What is needed is a verbatim copy of the data, minus the pictures.
□ □ □ □
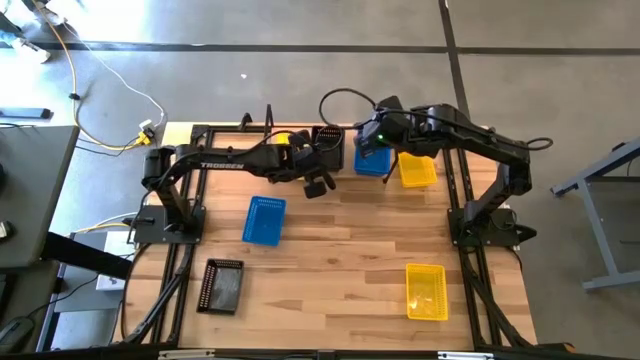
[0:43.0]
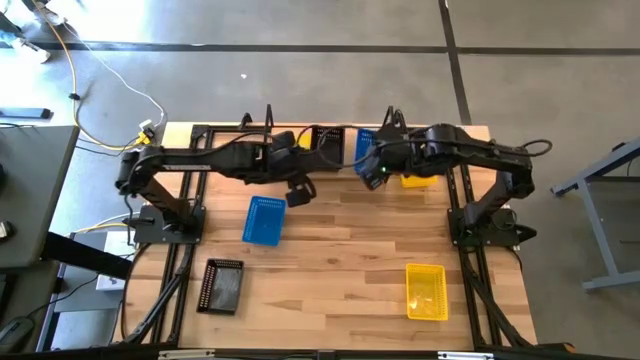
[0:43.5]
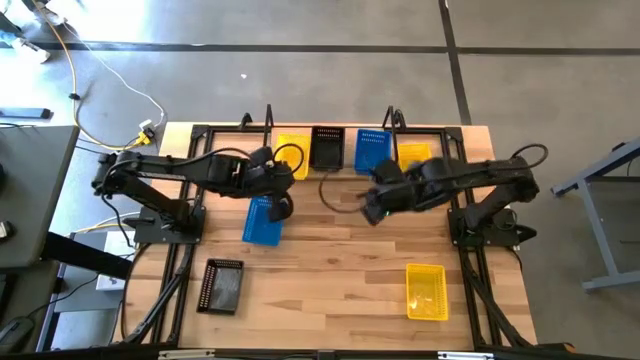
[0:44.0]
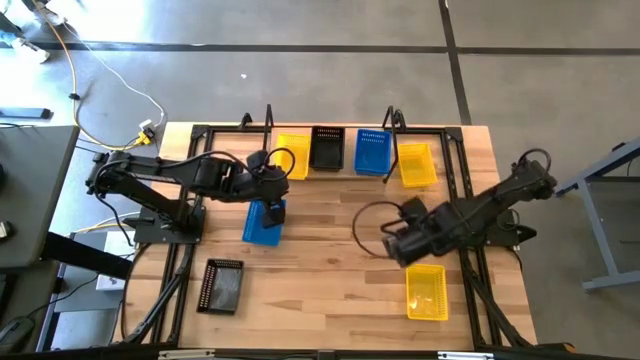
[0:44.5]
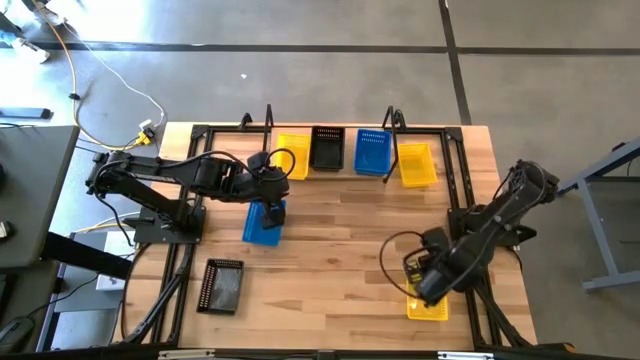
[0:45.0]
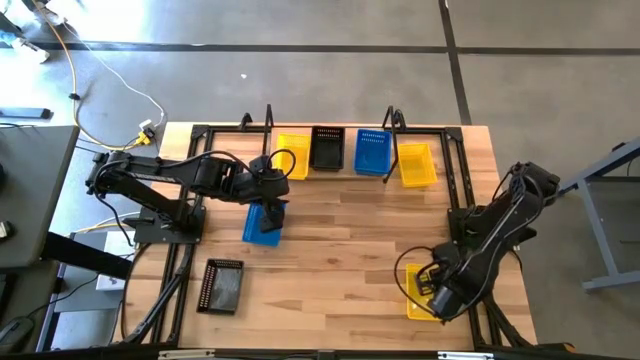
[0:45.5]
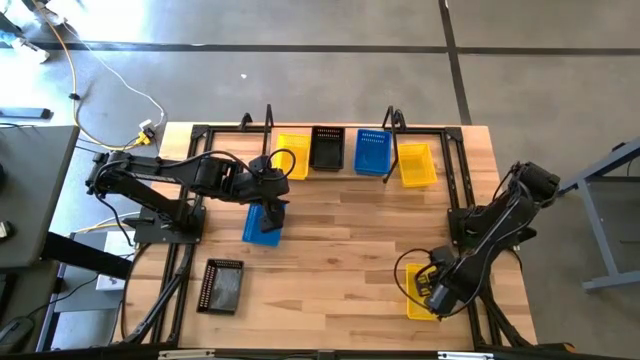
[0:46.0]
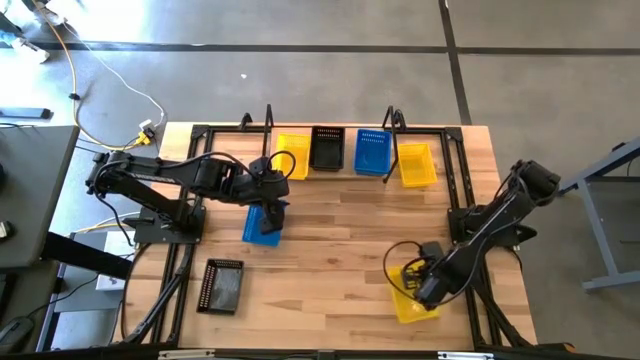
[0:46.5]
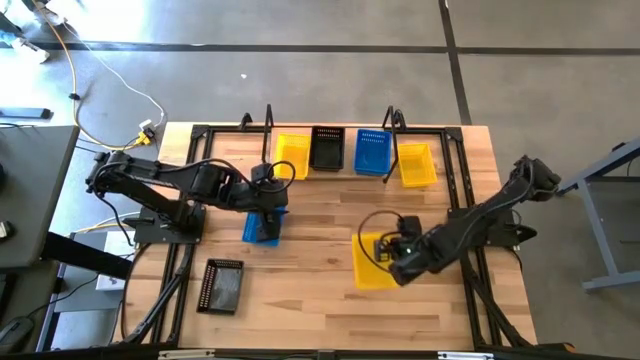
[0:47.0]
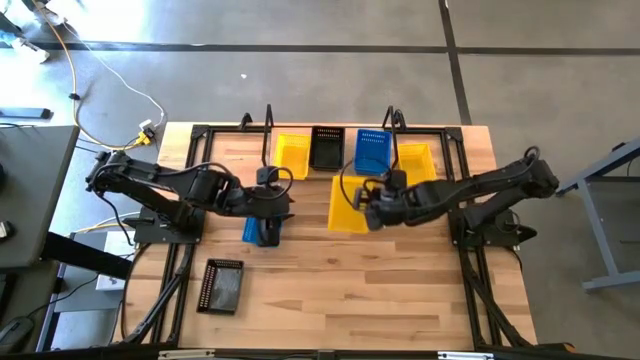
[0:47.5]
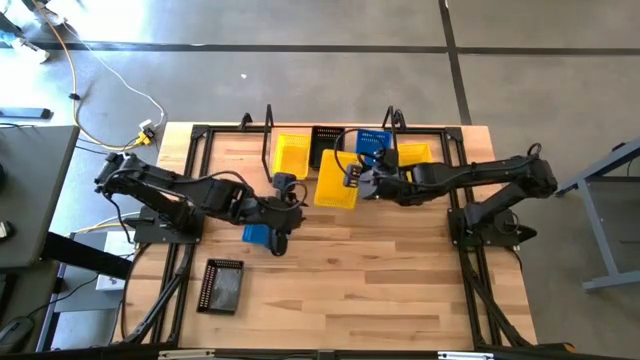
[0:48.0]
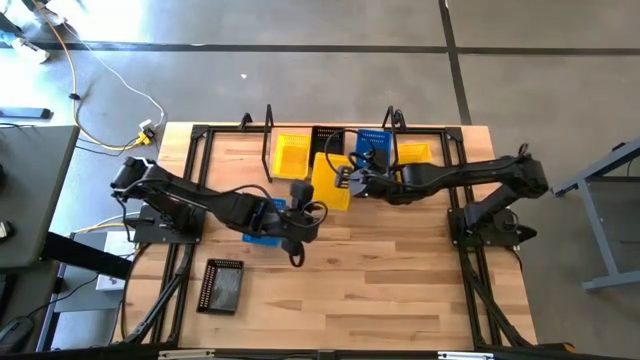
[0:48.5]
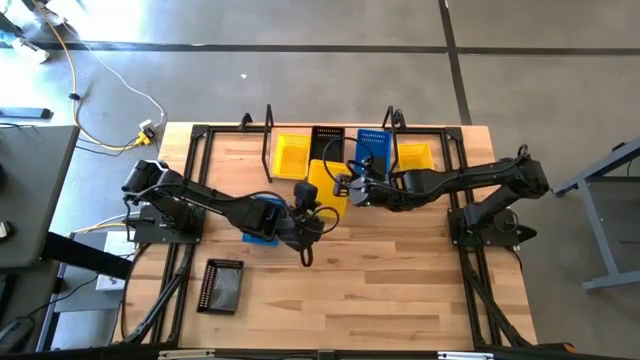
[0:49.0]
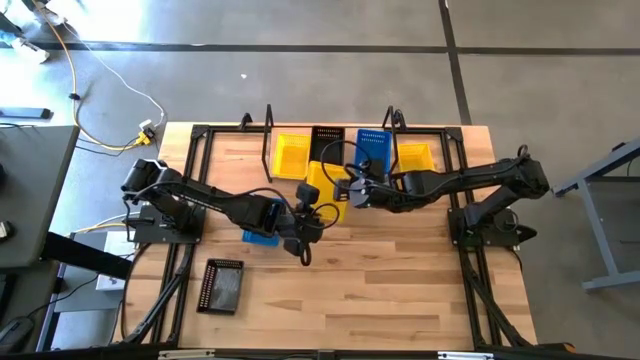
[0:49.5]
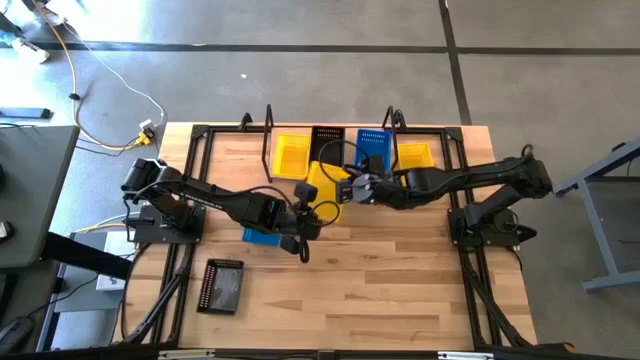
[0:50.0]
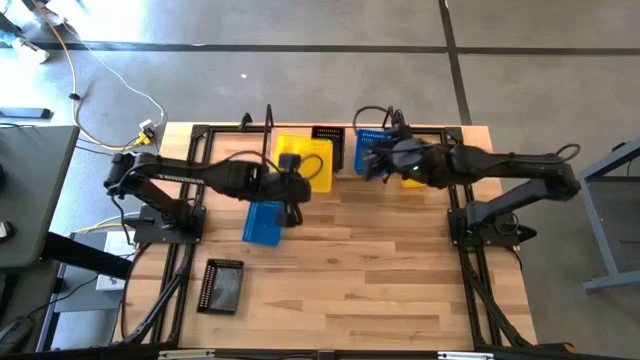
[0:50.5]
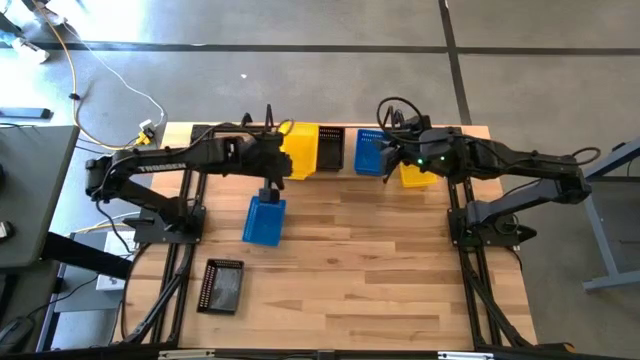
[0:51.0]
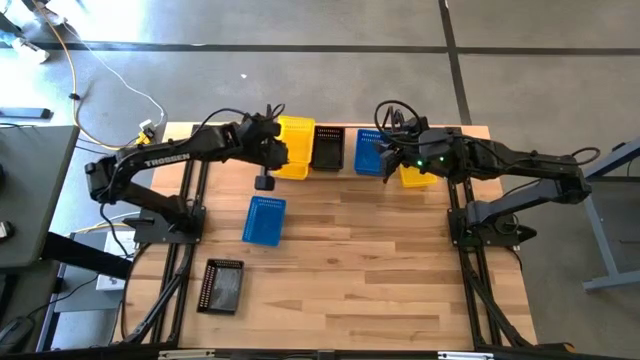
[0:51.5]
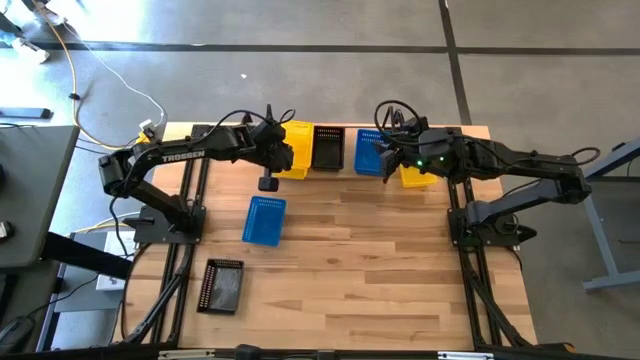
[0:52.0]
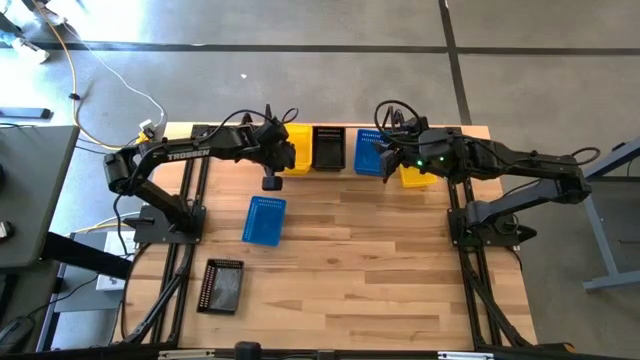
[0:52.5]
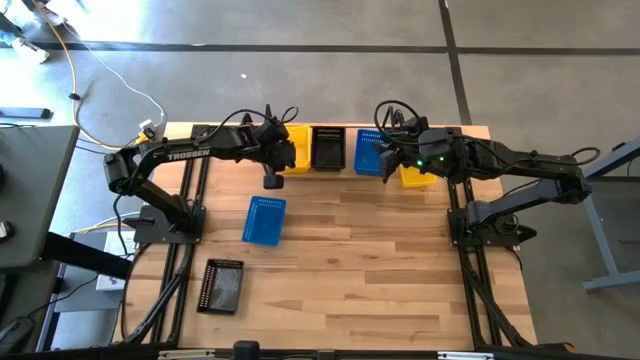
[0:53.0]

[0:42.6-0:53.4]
Task: Stack baskets on shelf by color
Stack the bottom yellow bin on top of the other yellow bin on the shelf
□ □ □ □
(Response to this exercise):
[0:43.0]
[0:43.5]
[0:44.0]
[0:44.5]
[0:45.0]
[0:45.5]
[0:46.0]
[0:46.5]
[0:47.0]
[0:47.5]
[0:48.0]
[0:48.5]
[0:49.0]
[0:49.5]
[0:50.0]
[0:50.5]
[0:51.0]
[0:51.5]
[0:52.0]
[0:52.5]
[0:53.0]

[0:42.6-0:53.4]
Task: Stack baskets on shelf by color
Stack the bottom yellow bin on top of the other yellow bin on the shelf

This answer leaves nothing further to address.